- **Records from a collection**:
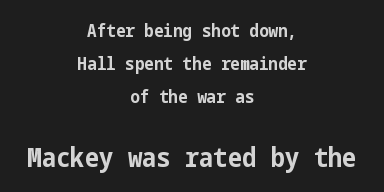
{"italic": "no", "bold": "yes", "underline": "no", "align": "center", "line_spacing_ratio": 1.84, "letter_spacing": "normal", "letter_spacing_em": 0.0, "larger_block": "second", "size_ratio": 1.5, "glyph_px": 27}
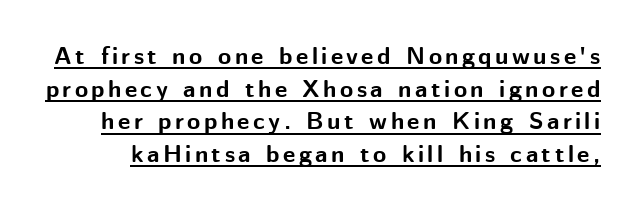
{"italic": "no", "bold": "yes", "underline": "yes", "line_spacing": "normal", "line_spacing_ratio": 1.36, "glyph_px": 24}
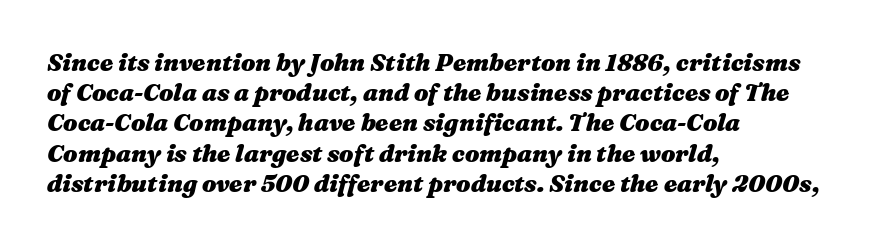
{"italic": "yes", "lean": "right", "slant_degrees": 16, "bold": "yes", "underline": "no", "align": "left", "line_spacing": "normal", "line_spacing_ratio": 1.26, "letter_spacing": "normal", "letter_spacing_em": 0.0, "glyph_px": 24}
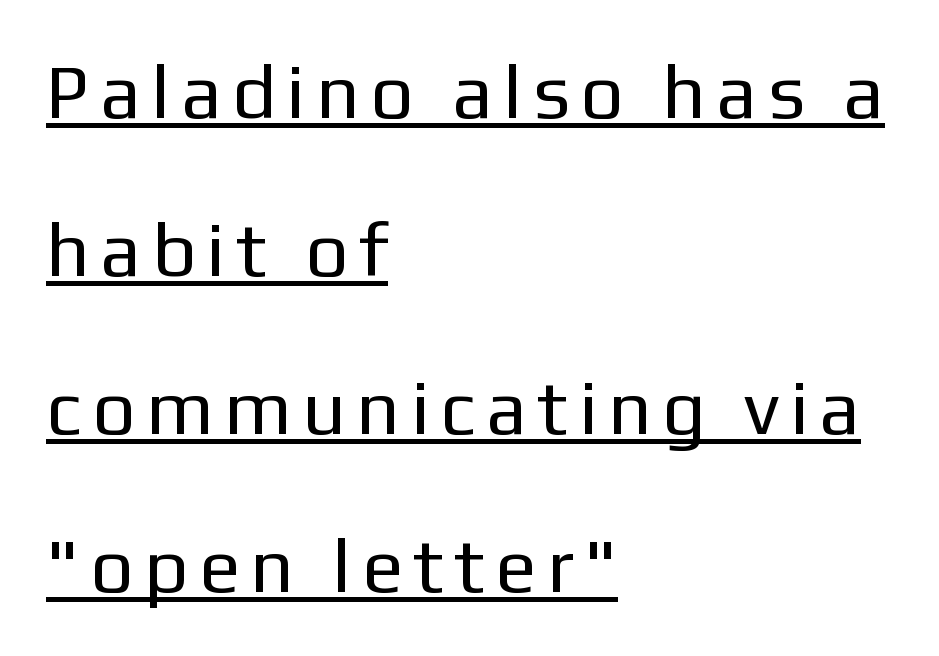
{"serif": "no", "italic": "no", "bold": "no", "weight": "regular", "width": "normal", "stroke_contrast": "low", "x_height": "medium", "monospaced": "no", "underline": "yes", "align": "left", "line_spacing": "loose", "line_spacing_ratio": 2.08, "glyph_px": 76}
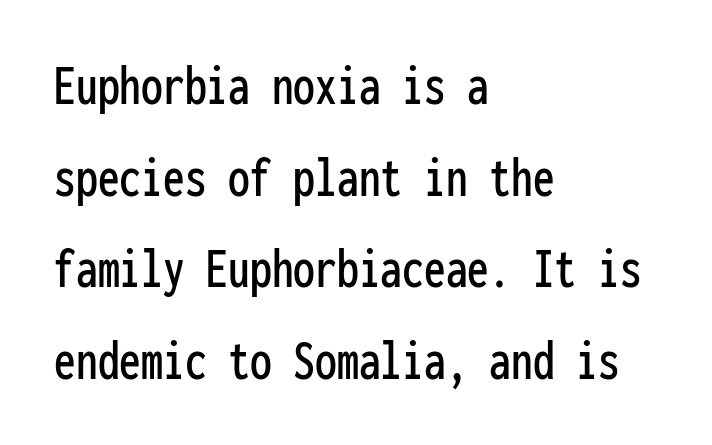
The image shows 58 px condensed sans-serif type, upright, monospaced; set left-aligned, normal line spacing (1.58x), normal letter spacing, not underlined; low stroke contrast and a medium x-height.
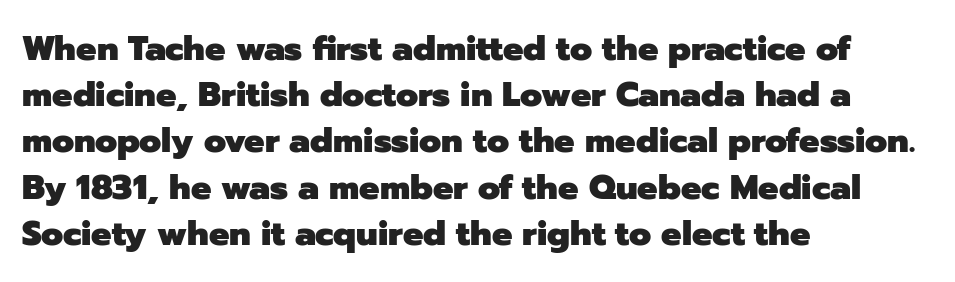
{"serif": "no", "italic": "no", "bold": "yes", "weight": "heavy", "width": "normal", "stroke_contrast": "low", "x_height": "medium", "monospaced": "no", "underline": "no", "align": "left", "line_spacing": "normal", "line_spacing_ratio": 1.36, "letter_spacing": "normal", "letter_spacing_em": 0.0, "glyph_px": 34}
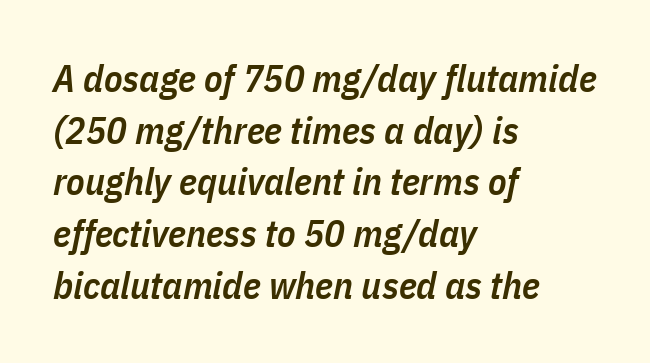
{"italic": "yes", "lean": "right", "slant_degrees": 11, "bold": "semi", "weight": "semibold", "width": "condensed", "stroke_contrast": "low", "x_height": "medium", "monospaced": "no", "underline": "no", "align": "left", "line_spacing": "normal", "line_spacing_ratio": 1.36, "letter_spacing": "normal", "letter_spacing_em": 0.0, "glyph_px": 38}
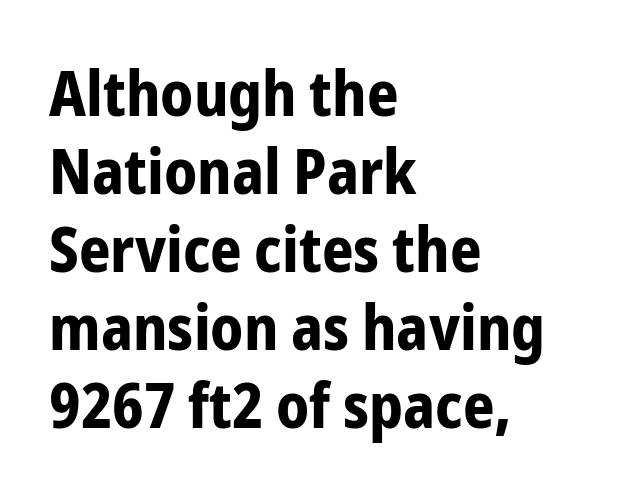
Q: Is the text bold? A: Yes.
Q: Is the text italic (slanted)? A: No, it is upright.
Q: Is the typeface a serif or a sans-serif typeface? A: Sans-serif.
Q: Is the text underlined? A: No.
Q: How is the paragraph aligned? A: Left-aligned.
Q: Is the spacing between letters normal or unusually wide? A: Normal.
Q: Is the spacing between lines tight, normal or loose? A: Normal.
Q: Width (condensed, normal, or wide)? A: Condensed.
Q: Stroke contrast? A: Low.
Q: x-height? A: Medium.
Q: Monospaced? A: No.
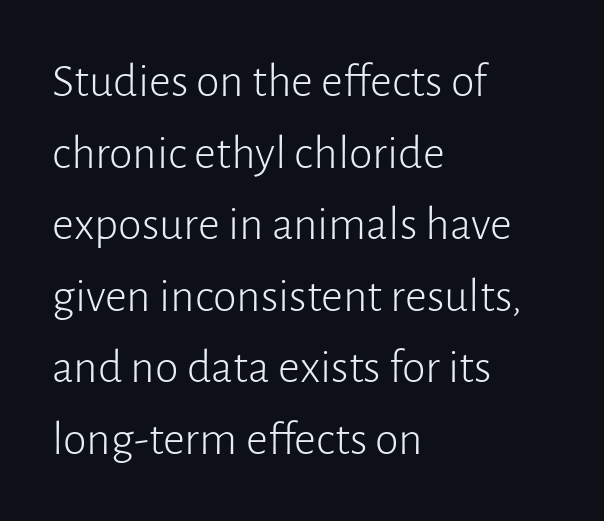
Check the space under the baseline: it is left empty. Think standard paragraph weight, or any step lighter than that. Regarding serifs, this sample does without them. No extra tracking has been applied to these lines. A roman cut, with each character standing at attention. Is this a fixed-width face? No — the glyphs have proportional, varying widths.
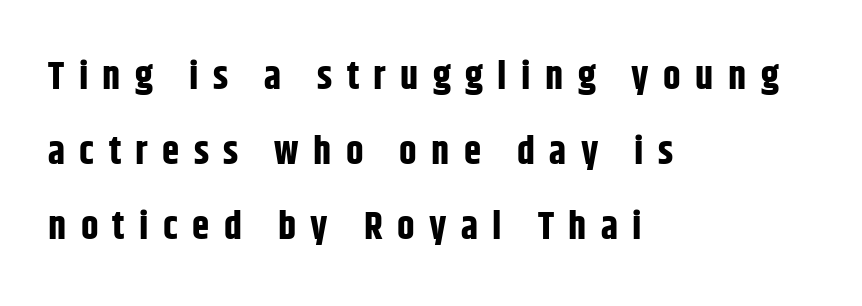
Students, note that the glyphs here are deliberately spaced far apart. The setting favours the left margin, as ordinary paragraphs usually do. You could not count columns in this text — the font is proportionally spaced. The passage shown is emphatically bold. In terms of posture, this sample is upright.
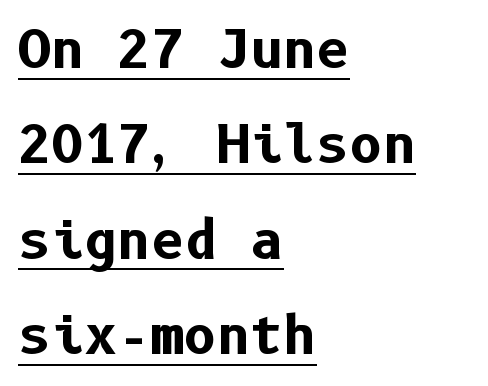
The image shows 51 px bold sans-serif type, upright; set left-aligned, line spacing 1.87x, normal letter spacing, underlined; low stroke contrast and a medium x-height.
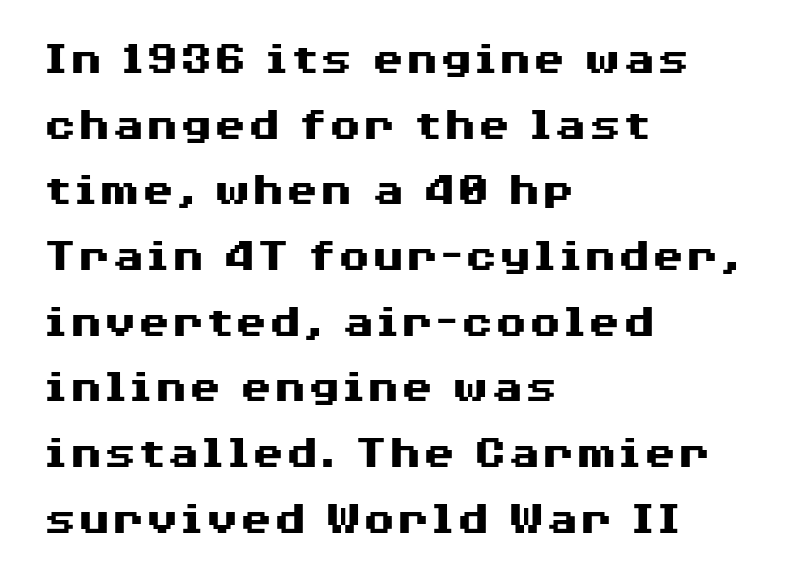
Q: Is the text bold? A: Yes.
Q: Is the text italic (slanted)? A: No, it is upright.
Q: Is the typeface a serif or a sans-serif typeface? A: Sans-serif.
Q: Is the text underlined? A: No.
Q: How is the paragraph aligned? A: Left-aligned.
Q: Is the spacing between letters normal or unusually wide? A: Normal.
Q: Is the spacing between lines tight, normal or loose? A: Normal.
Q: Width (condensed, normal, or wide)? A: Wide.
Q: Stroke contrast? A: Medium.
Q: x-height? A: Medium.
Q: Monospaced? A: No.
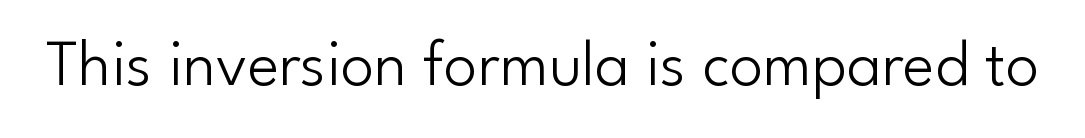
Q: Is the text bold? A: No.
Q: Is the text italic (slanted)? A: No, it is upright.
Q: Is the typeface a serif or a sans-serif typeface? A: Sans-serif.
Q: Is the text underlined? A: No.
Q: Is the spacing between letters normal or unusually wide? A: Normal.
Q: Width (condensed, normal, or wide)? A: Normal.
Q: Stroke contrast? A: Low.
Q: x-height? A: Small.
Q: Monospaced? A: No.
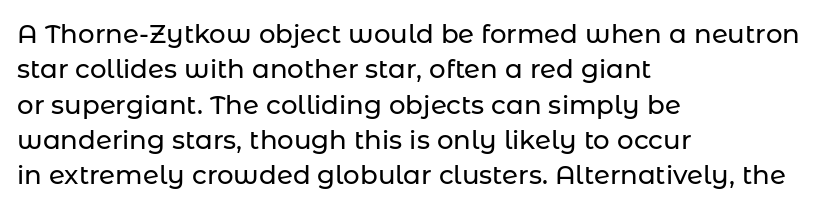
Q: Is the text italic (slanted)? A: No, it is upright.
Q: Is the text underlined? A: No.
Q: How is the paragraph aligned? A: Left-aligned.
Q: Is the spacing between letters normal or unusually wide? A: Normal.
Q: Is the spacing between lines tight, normal or loose? A: Normal.
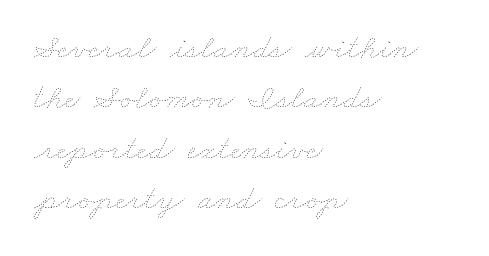
A clean baseline with only descenders dipping below it. Nobody touched the tracking dial on this one. What's the leading like? Ordinary, nothing unusual. If you drew a ruler down the left edge, every line would touch it. Is this a fixed-width face? No — the glyphs have proportional, varying widths. Each stroke keeps to a modest, everyday thickness or less.
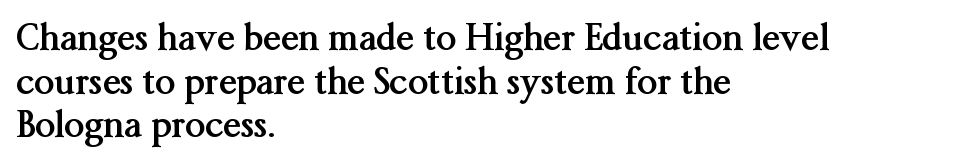
Q: Is the text bold? A: Yes.
Q: Is the text italic (slanted)? A: No, it is upright.
Q: Is the typeface a serif or a sans-serif typeface? A: Serif.
Q: Is the text underlined? A: No.
Q: How is the paragraph aligned? A: Left-aligned.
Q: Is the spacing between letters normal or unusually wide? A: Normal.
Q: Width (condensed, normal, or wide)? A: Normal.
Q: Stroke contrast? A: Medium.
Q: x-height? A: Medium.
Q: Monospaced? A: No.
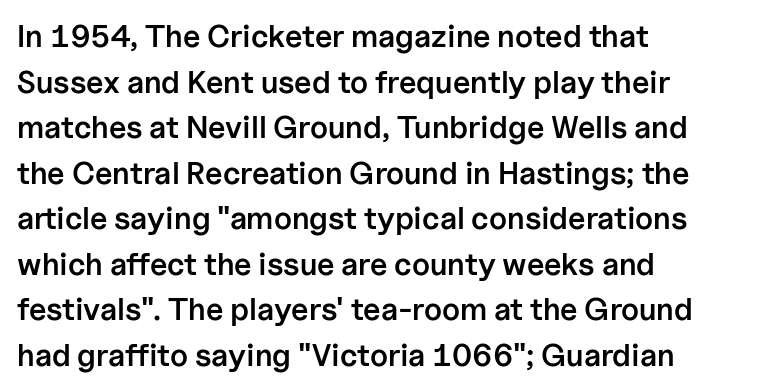
Q: Is the text bold? A: Semi-bold.
Q: Is the text italic (slanted)? A: No, it is upright.
Q: Is the typeface a serif or a sans-serif typeface? A: Sans-serif.
Q: Is the text underlined? A: No.
Q: How is the paragraph aligned? A: Left-aligned.
Q: Is the spacing between letters normal or unusually wide? A: Normal.
Q: Is the spacing between lines tight, normal or loose? A: Normal.
Q: Width (condensed, normal, or wide)? A: Normal.
Q: Stroke contrast? A: Low.
Q: x-height? A: Medium.
Q: Monospaced? A: No.
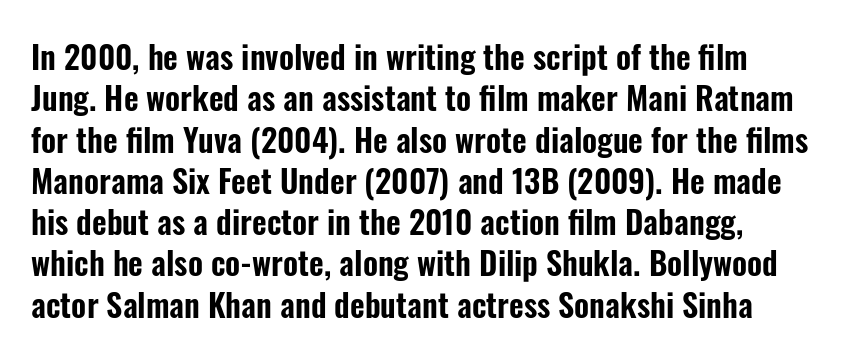
{"serif": "no", "italic": "no", "width": "condensed", "stroke_contrast": "low", "x_height": "medium", "monospaced": "no", "underline": "no", "line_spacing": "normal", "line_spacing_ratio": 1.29, "letter_spacing": "normal", "letter_spacing_em": 0.0, "glyph_px": 32}
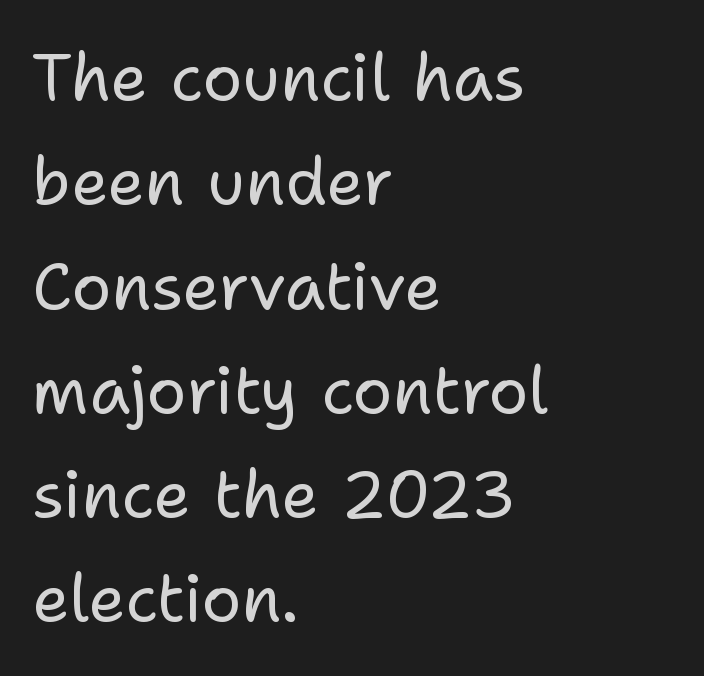
The image shows 66 px regular-weight sans-serif type, upright; set left-aligned, normal line spacing (1.58x), normal letter spacing, not underlined; low stroke contrast and a medium x-height.
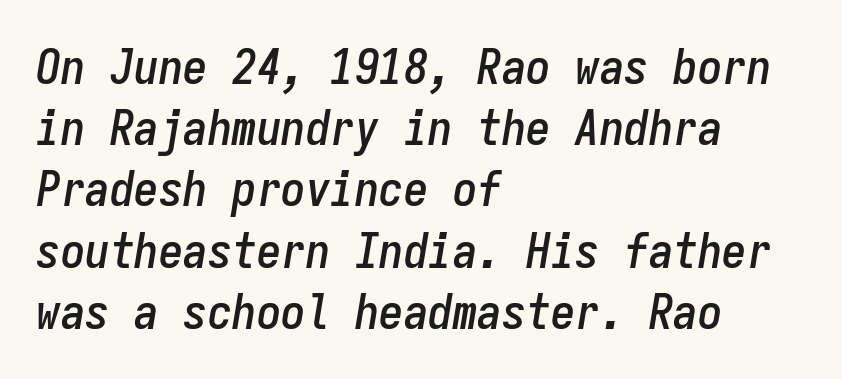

- **Description of the task**: From the entries above, copy each line holding "shows".

- **Problem solution**:
The image shows 58 px condensed sans-serif type, upright, monospaced; set left-aligned, normal line spacing (1.58x), normal letter spacing, not underlined; low stroke contrast and a medium x-height.
The image shows 51 px bold sans-serif type, upright; set left-aligned, line spacing 1.87x, normal letter spacing, underlined; low stroke contrast and a medium x-height.
The image shows 66 px regular-weight sans-serif type, upright; set left-aligned, normal line spacing (1.58x), normal letter spacing, not underlined; low stroke contrast and a medium x-height.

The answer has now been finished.